Tuesday, February 2, 2010

"We Must Cultivate Our Garden"

Reading Voltaire’s Candide for the second time, I still couldn’t quite get over all the death and resurrection. It’s just so weird. But I figure Voltaire knew what he was doing, so there must be a reason for such an absurd motif. Within the world of Candide, each character brings with him or her a new philosophical line of inquiry or an ideology for Candide to consider and somehow reconcile with Pangloss’ belief in the “best of all possible worlds” (pg. 1) theory, which Candide learned at a young age. At first, I thought the fact that the baron, Pangloss and Cunegonde were resurrected fell into Pangloss’ theory, but reading the book for a second time, I started to think differently; throughout the book, Pangloss’ theory is brought into question, challenged, denied, rejected, and some might even say disproved outright. Each chapter brings devastation, destruction, and death in many cases, which therefore causes trauma for Candide, who tries to cling to Pangloss’ theory regardless of the turmoil surrounding him. By the end, Pangloss’ and Candide’s optimism looks pitiful, ignorant, and even stupid. Voltaire’s clear critique of mindless, blind optimism does not align with the seeming joy of resurrection.
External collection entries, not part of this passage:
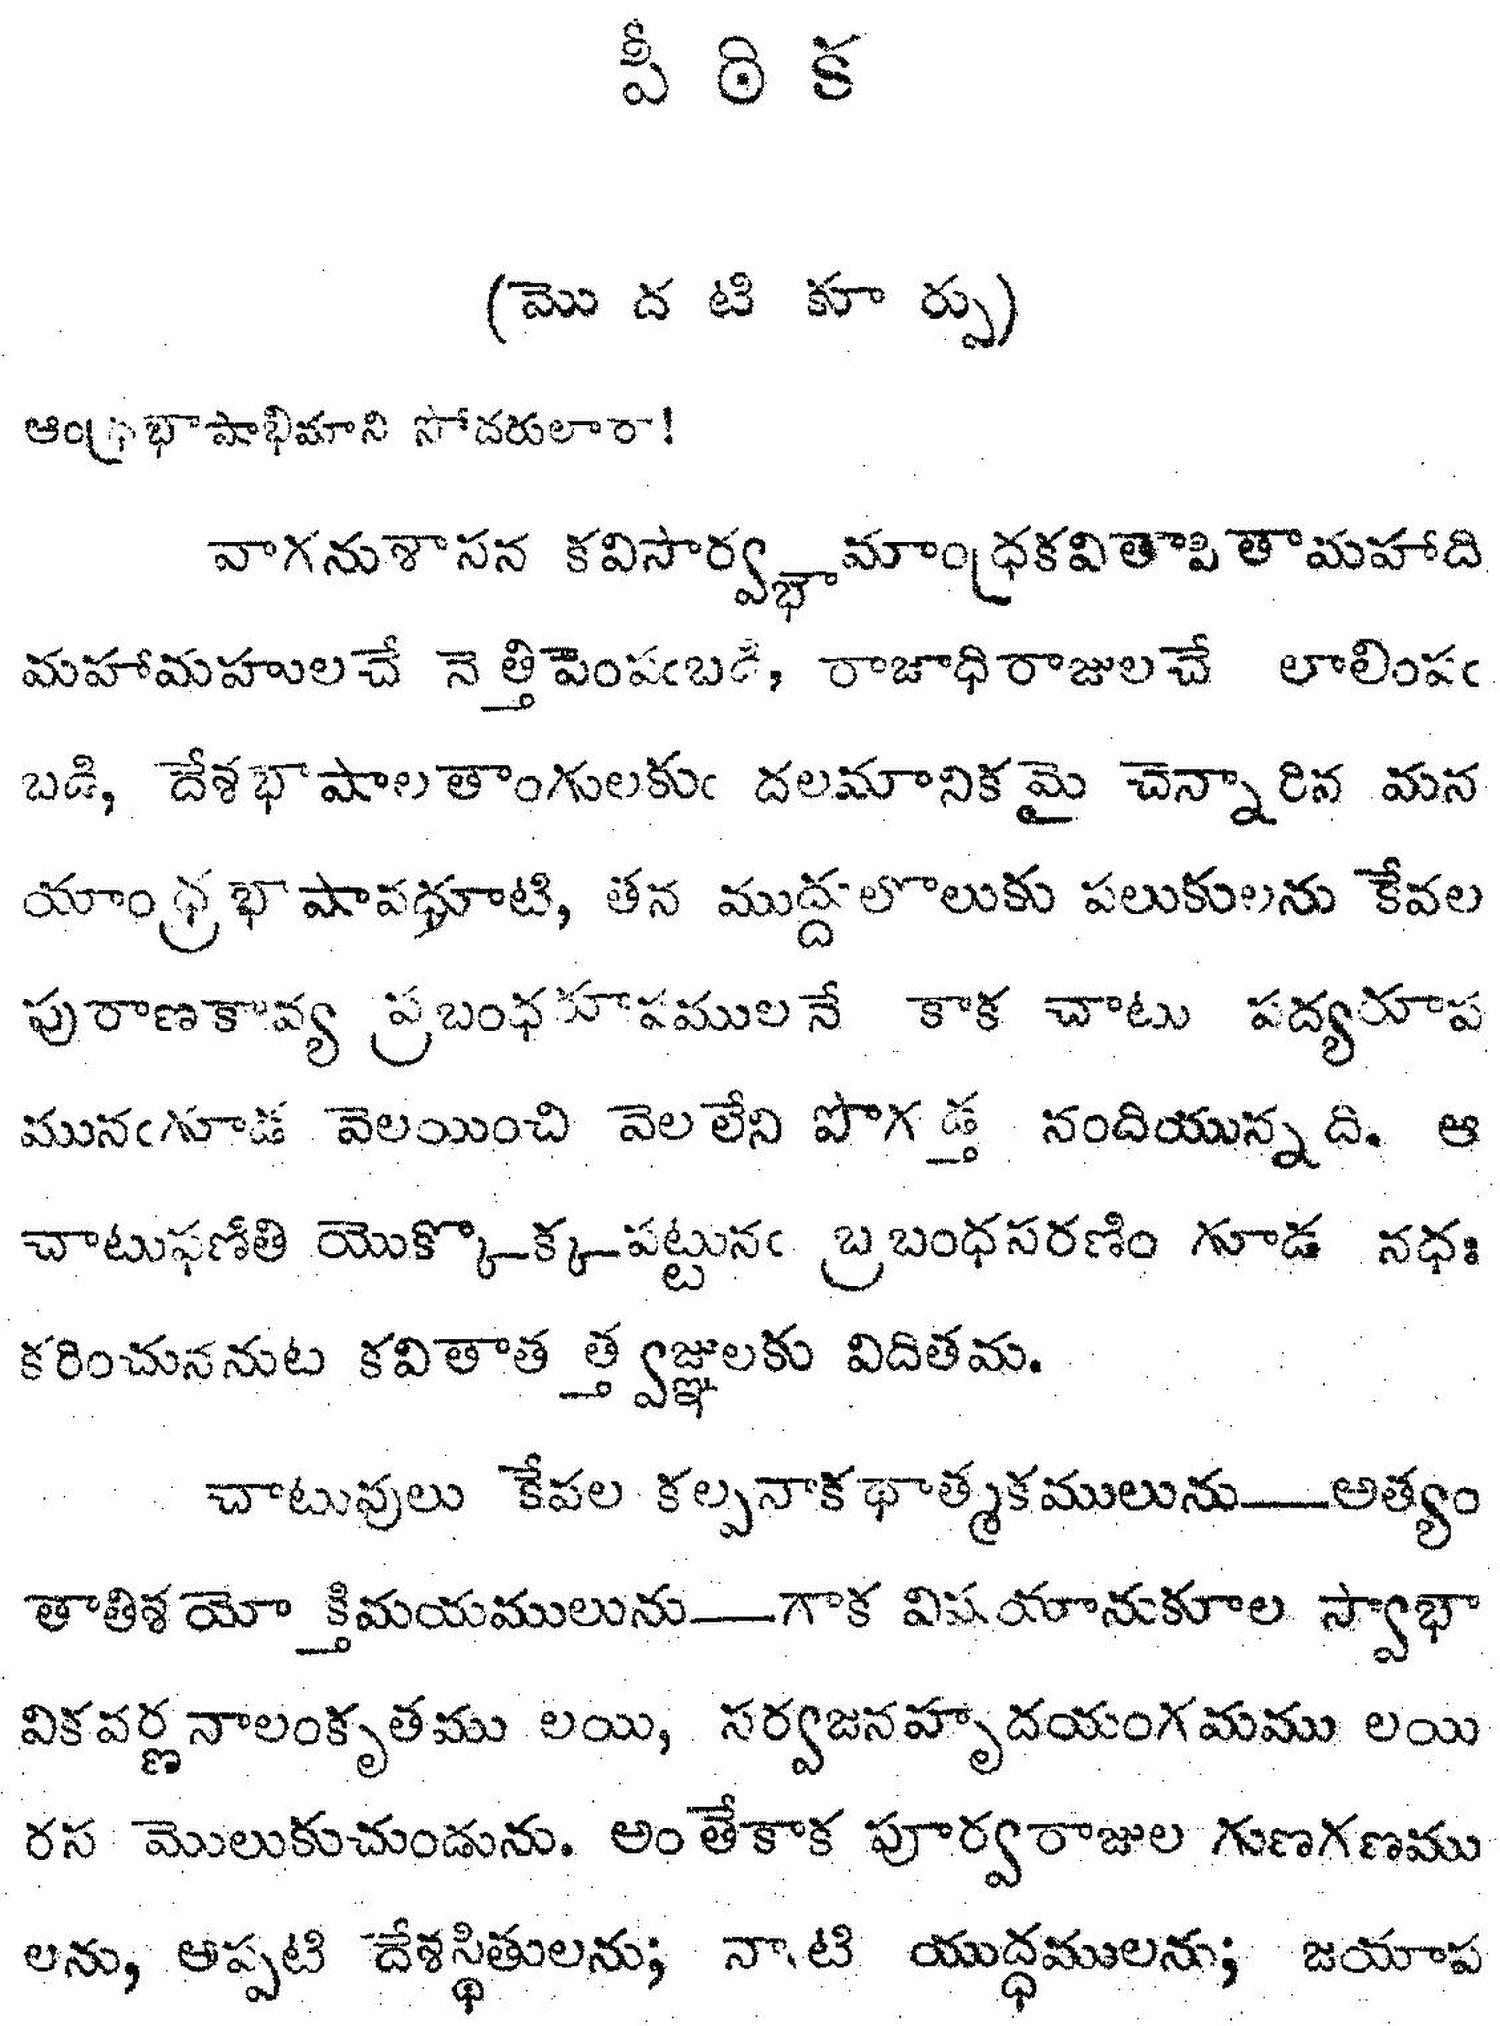పీఠిక

ఆంధ్రభాషాభిమాని సోదరులారా!

వాగనుశాసన కవిసార్వభౌమాంధ్రకవితాపితామహాదిమహామహులచే నెత్తిపెంపఁబడి, రాజాధిరాజులచే లాలింపబడి, దేశభాషాలతాంగులకు దలమానికమై చెన్నారిన మన యాంధ్రభాషాధూటి, తన ముద్దులొలుకుపలుకులను కేవల పురాణకావ్యప్రబంధరూపములనే కాక చాటుపద్యరూపమున గూడ వెలయించి వెలలేని పొగడ్త నందియున్నది. ఆచాటుఫణితి యొక్కొక్కపట్టునఁ బ్రబంధసరణిం గూడ నధఃకరించుననుట కవితాతత్త్వజ్ఞులకు విదితము.

చాటువులు కేవల కల్పనాకథాత్మకములును—అత్యంత్యాశయోక్తిమయములును—గాక విషయానుకూల స్వాభావికవర్ణనాలంకృతము లయి, సర్వజనహృదయంగమము లయి రస మొలుకుచుండును. అంతేకాక పూర్వరాజుల గుణగణములను, అప్పటి దేశస్ధితులను, నాఁటి యుద్దములను; జయాప
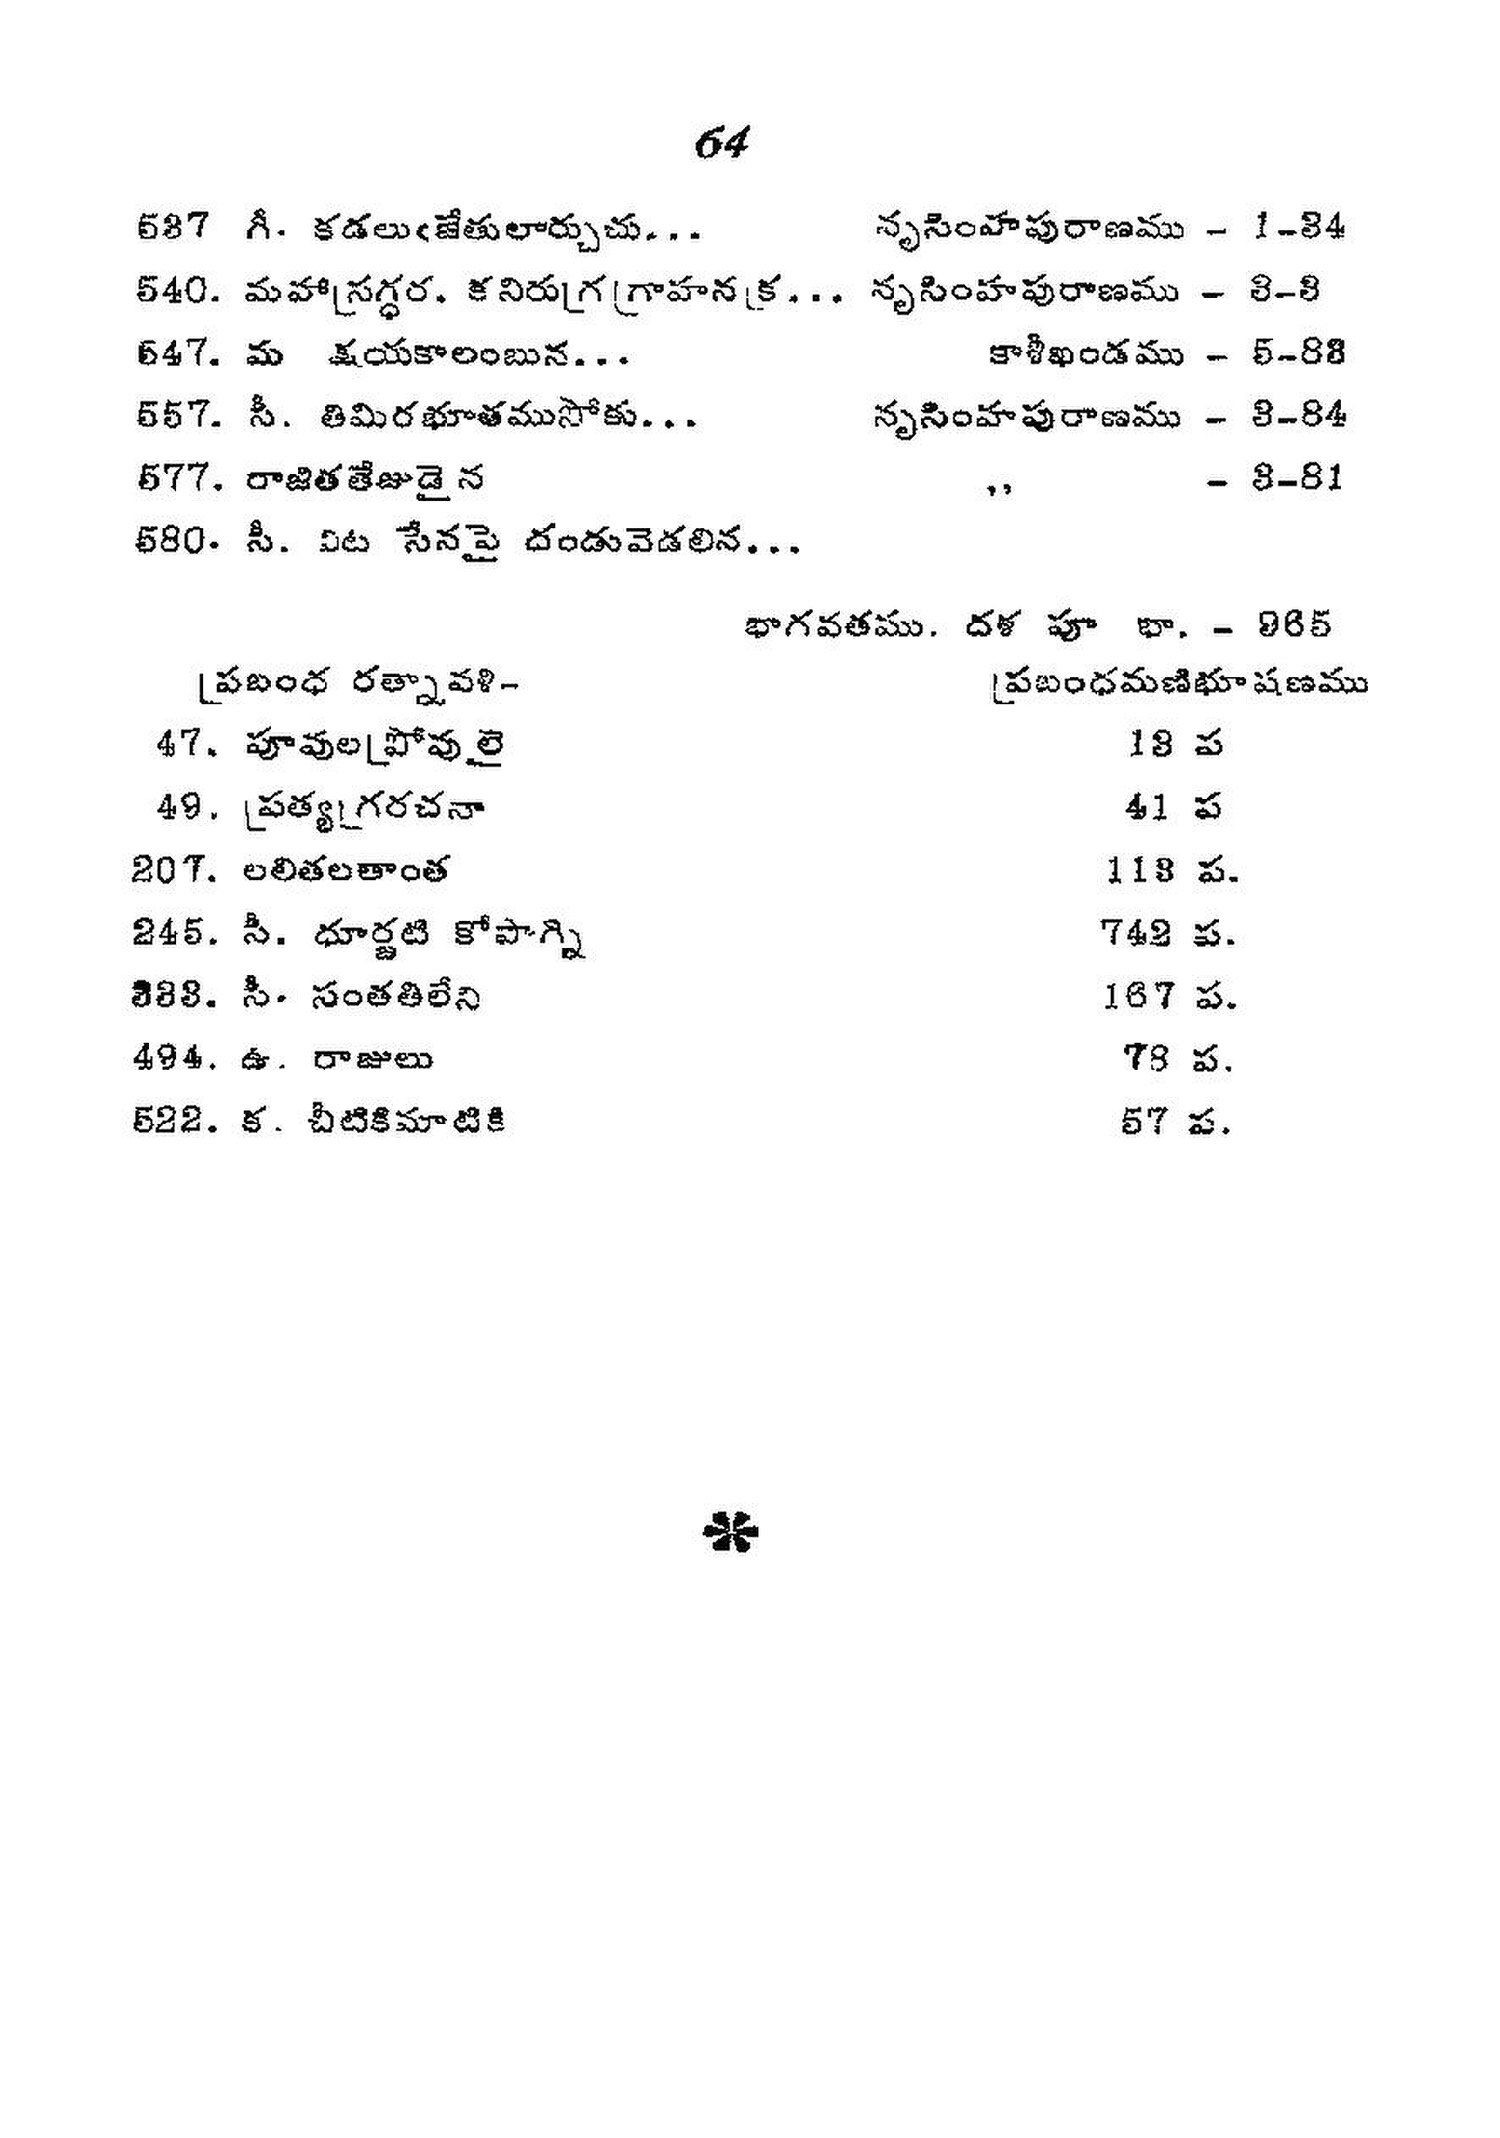537 గీ. కడలుఁజేతులార్చుచు. . .............నృసింహపురాణము
540. మహాస్రగ్ధర, కనిరుఊగ్రాహనక్ర........ నృసింహపురాణము
647. మ క్షయకాలంబున........................కాశీఖండము
557. సీ. తిమిరభూతముసోకు................ నృసింహపురాణము
557. రాజిత తేజుడైన........................... "
580. సీ. విట సేనపై దండు వెడలిన...భాగవతము. దశ పూ. భా. 965

 

47, పూవుల ప్రోవులై ... 13 ప
49. ప్రత్య! గరచనా...................41 ప
207. లలితలతాంత................113 ప
245. సీ. ధూర్జటి కోపొగ్ని..........742 ప
283. సీ. సంతతిలేని...............167 ప
494. ఉ. రాజులు......................78 ప
522. క. చీటికిమాటికీ.................57 ప

In the end, as all the characters “cultivate [their] garden” (pg. 87); Voltaire writes, “’Let us work,’ said Martin, ‘without disputing; it is the only was to render life tolerable.’ The whole little society entered into this laudable design, according to their different abilities. Their little plots of land produced plentiful crops” (pg. 87). Each character, working “according to their different abilities” is transformed into a generalized caricature of a set of beliefs. Pangloss stands in for optimism, Martin for cynicism, and Candide for anybody attempting to make sense of the events of the world. Voltaire resurrects his characters not to lend himself to the optimism of Pangloss, but to emphasize that his characters are not characters and are not meant to be characters. The specifics of the characters and events of Candide are not what matters; what does matter is that the characters cultivate the garden regardless of specifics.

In this reading of Candide, Voltaire brings into question not only optimism, but also any and all sets of beliefs that bear no fruit. I think that Voltaire wants his reader to question everything they hear, but to the end of cultivation. What qualifies as cultivation? How does one cultivate this garden we live in now? I’m not quite sure what Voltaire would say other than “according to their different abilities.”